If you were weirdly interested in the four color theorem, you might like this common coding interview question about graph coloring: https://www.interviewcake.com/question/graph-coloring
How do you color things like a method returning a un/ordered list which you are depending on? There’s no code to ”color”?
Did he missed a connection between the top red blob and the green one?
Also, what's the name for the process for transforming a "map" into a connected network, just like he did at the beginning?
I thougut this article was going to be about Appel and Haken's proof of the Four Color Theorem, as it was the first to use software and not an actual analytical proof. As a result mathematicians were split: while this proof may have shown the theorem was true, it didn't explain why it was true. Because the latter was reduced to a brute force search.

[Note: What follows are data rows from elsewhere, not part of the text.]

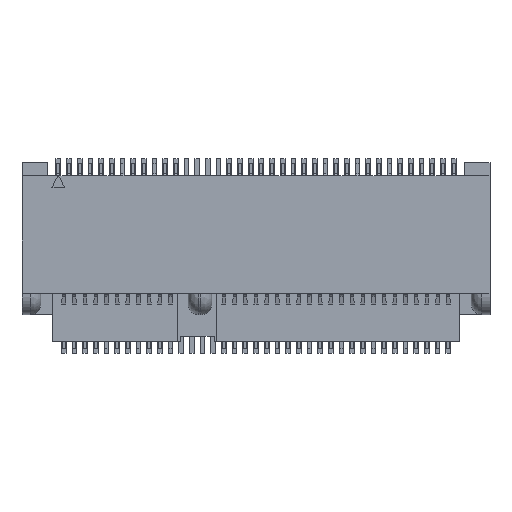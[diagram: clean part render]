
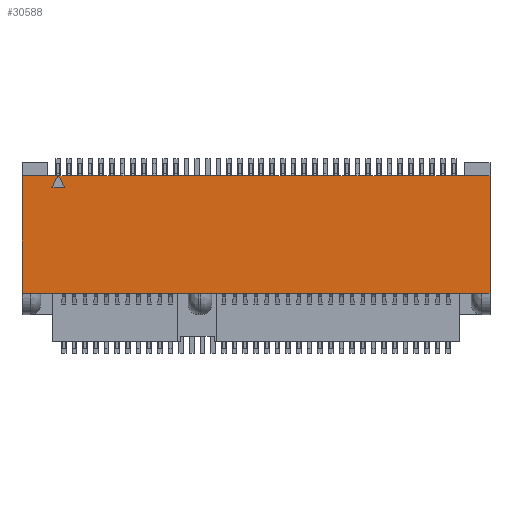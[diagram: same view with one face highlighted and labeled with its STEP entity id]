
A CAD part, top view. The second image highlights one B-rep face of the part: STEP entity #30588.
In plain terms, the highlighted planar face has unit normal (0, 0, 1).
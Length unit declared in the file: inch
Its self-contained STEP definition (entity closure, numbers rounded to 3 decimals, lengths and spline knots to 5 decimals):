
#768 = EDGE_LOOP ( 'NONE', ( #15892, #22356, #10582 ) ) ;
#1300 = CARTESIAN_POINT ( 'NONE',  ( -0.4311, 0.15256, 0.16835 ) ) ;
#2644 = EDGE_LOOP ( 'NONE', ( #20183, #50914, #12637, #11940, #20423, #10159, #53823, #44753 ) ) ;
#2660 = DIRECTION ( 'NONE',  ( 1., 0., 0. ) ) ;
#2698 = VERTEX_POINT ( 'NONE', #23459 ) ;
#3184 = VECTOR ( 'NONE', #51835, 39.37008 ) ;
#4231 = CARTESIAN_POINT ( 'NONE',  ( -0.4311, -0.06398, 0.16835 ) ) ;
#4566 = DIRECTION ( 'NONE',  ( 1., 0., 0. ) ) ;
#5436 = CARTESIAN_POINT ( 'NONE',  ( -0.4311, -0.06398, 0.16835 ) ) ;
#6398 = DIRECTION ( 'NONE',  ( 1., 0., 0. ) ) ;
#6819 = DIRECTION ( 'NONE',  ( 0., -1., 0. ) ) ;
#6962 = DIRECTION ( 'NONE',  ( 0., 0., 1. ) ) ;
#7657 = CARTESIAN_POINT ( 'NONE',  ( -0.10531, -0.06398, 0.16835 ) ) ;
#7933 = EDGE_CURVE ( 'NONE', #54638, #27961, #42057, .T. ) ;
#8457 = VECTOR ( 'NONE', #6819, 39.37008 ) ;
#8610 = VERTEX_POINT ( 'NONE', #11040 ) ;
#10159 = ORIENTED_EDGE ( 'NONE', *, *, #41860, .F. ) ;
#10268 = EDGE_CURVE ( 'NONE', #40130, #27961, #25572, .T. ) ;
#10365 = VERTEX_POINT ( 'NONE', #38553 ) ;
#10422 = EDGE_CURVE ( 'NONE', #40130, #42805, #18109, .T. ) ;
#10550 = FACE_BOUND ( 'NONE', #768, .T. ) ;
#10582 = ORIENTED_EDGE ( 'NONE', *, *, #26086, .F. ) ;
#10946 = LINE ( 'NONE', #27788, #8457 ) ;
#11040 = CARTESIAN_POINT ( 'NONE',  ( -0.36417, 0.15217, 0.16835 ) ) ;
#11829 = VECTOR ( 'NONE', #4566, 39.37008 ) ;
#11940 = ORIENTED_EDGE ( 'NONE', *, *, #41978, .T. ) ;
#12201 = DIRECTION ( 'NONE',  ( -0.5, 0.866, 0. ) ) ;
#12327 = DIRECTION ( 'NONE',  ( -1., 0., 0. ) ) ;
#12637 = ORIENTED_EDGE ( 'NONE', *, *, #20588, .F. ) ;
#13466 = EDGE_CURVE ( 'NONE', #20412, #8610, #25696, .T. ) ;
#13974 = VECTOR ( 'NONE', #50716, 39.37008 ) ;
#15892 = ORIENTED_EDGE ( 'NONE', *, *, #35838, .F. ) ;
#17444 = VECTOR ( 'NONE', #28031, 39.37008 ) ;
#18109 = LINE ( 'NONE', #26119, #11829 ) ;
#18200 = VECTOR ( 'NONE', #2660, 39.37008 ) ;
#19291 = CARTESIAN_POINT ( 'NONE',  ( -0.35236, 0.13171, 0.16835 ) ) ;
#19788 = LINE ( 'NONE', #23927, #18200 ) ;
#20183 = ORIENTED_EDGE ( 'NONE', *, *, #10268, .F. ) ;
#20412 = VERTEX_POINT ( 'NONE', #19291 ) ;
#20423 = ORIENTED_EDGE ( 'NONE', *, *, #53568, .F. ) ;
#20588 = EDGE_CURVE ( 'NONE', #10365, #42805, #46836, .T. ) ;
#21083 = DIRECTION ( 'NONE',  ( 1., 0., 0. ) ) ;
#21168 = LINE ( 'NONE', #42149, #35930 ) ;
#22356 = ORIENTED_EDGE ( 'NONE', *, *, #13466, .F. ) ;
#22522 = VECTOR ( 'NONE', #27731, 39.37008 ) ;
#23046 = CARTESIAN_POINT ( 'NONE',  ( -0.37598, 0.13171, 0.16835 ) ) ;
#23459 = CARTESIAN_POINT ( 'NONE',  ( 0.4311, -0.06398, 0.16835 ) ) ;
#23927 = CARTESIAN_POINT ( 'NONE',  ( 0.41634, -0.06398, 0.16835 ) ) ;
#24165 = LINE ( 'NONE', #48464, #17444 ) ;
#24287 = CARTESIAN_POINT ( 'NONE',  ( -0.10138, -0.06398, 0.16835 ) ) ;
#24783 = CARTESIAN_POINT ( 'NONE',  ( 0.41634, -0.06398, 0.16835 ) ) ;
#25322 = DIRECTION ( 'NONE',  ( 0., 1., 0. ) ) ;
#25572 = LINE ( 'NONE', #7657, #26018 ) ;
#25696 = LINE ( 'NONE', #41449, #33717 ) ;
#26018 = VECTOR ( 'NONE', #12327, 39.37008 ) ;
#26086 = EDGE_CURVE ( 'NONE', #54497, #20412, #26170, .T. ) ;
#26119 = CARTESIAN_POINT ( 'NONE',  ( -0.10531, -0.06398, 0.16835 ) ) ;
#26170 = LINE ( 'NONE', #23046, #22522 ) ;
#27731 = DIRECTION ( 'NONE',  ( 1., 0., 0. ) ) ;
#27788 = CARTESIAN_POINT ( 'NONE',  ( 0.4311, 0.15256, 0.16835 ) ) ;
#27961 = VERTEX_POINT ( 'NONE', #53790 ) ;
#28031 = DIRECTION ( 'NONE',  ( -0.5, -0.866, 0. ) ) ;
#29199 = CARTESIAN_POINT ( 'NONE',  ( -0.37598, 0.13171, 0.16835 ) ) ;
#30588 = ADVANCED_FACE ( 'NONE', ( #48917, #10550 ), #44221, .T. ) ;
#33679 = CARTESIAN_POINT ( 'NONE',  ( -0.4311, 0.15256, 0.16835 ) ) ;
#33717 = VECTOR ( 'NONE', #12201, 39.37008 ) ;
#35669 = CARTESIAN_POINT ( 'NONE',  ( -0.4311, 0.15256, 0.16835 ) ) ;
#35779 = AXIS2_PLACEMENT_3D ( 'NONE', #35669, #6962, #6398 ) ;
#35838 = EDGE_CURVE ( 'NONE', #8610, #54497, #24165, .T. ) ;
#35930 = VECTOR ( 'NONE', #25322, 39.37008 ) ;
#36735 = EDGE_CURVE ( 'NONE', #54638, #40509, #21168, .T. ) ;
#38553 = CARTESIAN_POINT ( 'NONE',  ( 0.41634, -0.06398, 0.16835 ) ) ;
#40130 = VERTEX_POINT ( 'NONE', #42848 ) ;
#40509 = VERTEX_POINT ( 'NONE', #33679 ) ;
#41449 = CARTESIAN_POINT ( 'NONE',  ( -0.35236, 0.13171, 0.16835 ) ) ;
#41860 = EDGE_CURVE ( 'NONE', #40509, #42297, #52093, .T. ) ;
#41978 = EDGE_CURVE ( 'NONE', #10365, #2698, #19788, .T. ) ;
#42057 = LINE ( 'NONE', #4231, #52866 ) ;
#42149 = CARTESIAN_POINT ( 'NONE',  ( -0.4311, -0.06398, 0.16835 ) ) ;
#42297 = VERTEX_POINT ( 'NONE', #48170 ) ;
#42805 = VERTEX_POINT ( 'NONE', #24287 ) ;
#42848 = CARTESIAN_POINT ( 'NONE',  ( -0.10531, -0.06398, 0.16835 ) ) ;
#44221 = PLANE ( 'NONE',  #35779 ) ;
#44753 = ORIENTED_EDGE ( 'NONE', *, *, #7933, .T. ) ;
#46836 = LINE ( 'NONE', #24783, #13974 ) ;
#48170 = CARTESIAN_POINT ( 'NONE',  ( 0.4311, 0.15256, 0.16835 ) ) ;
#48464 = CARTESIAN_POINT ( 'NONE',  ( -0.36417, 0.15217, 0.16835 ) ) ;
#48917 = FACE_OUTER_BOUND ( 'NONE', #2644, .T. ) ;
#50716 = DIRECTION ( 'NONE',  ( -1., 0., 0. ) ) ;
#50914 = ORIENTED_EDGE ( 'NONE', *, *, #10422, .T. ) ;
#51835 = DIRECTION ( 'NONE',  ( 1., 0., 0. ) ) ;
#52093 = LINE ( 'NONE', #1300, #3184 ) ;
#52866 = VECTOR ( 'NONE', #21083, 39.37008 ) ;
#53568 = EDGE_CURVE ( 'NONE', #42297, #2698, #10946, .T. ) ;
#53790 = CARTESIAN_POINT ( 'NONE',  ( -0.41634, -0.06398, 0.16835 ) ) ;
#53823 = ORIENTED_EDGE ( 'NONE', *, *, #36735, .F. ) ;
#54497 = VERTEX_POINT ( 'NONE', #29199 ) ;
#54638 = VERTEX_POINT ( 'NONE', #5436 ) ;

Shouldn't there be a connection between the top-right red circle and green circle in that very first graph?
Also known as tight vs loose coupling.
This is a nice analogy, but these days I feel like abstraction is usually a bad thing. By its very nature, making things more abstract makes it less clear what you are actually doing, you end up going through all these layers of indirection. If I want to use the data from some node (aka object) way over there, I should just be able to use it, without it getting pulled through all of these other things first.
To use the same node graph analogy, when you focus too much on reducing the number of colors, you end up needing to create tons of nodes between the nodes that actually DO SOMETHING. Your software ends up more complex and difficult to manage.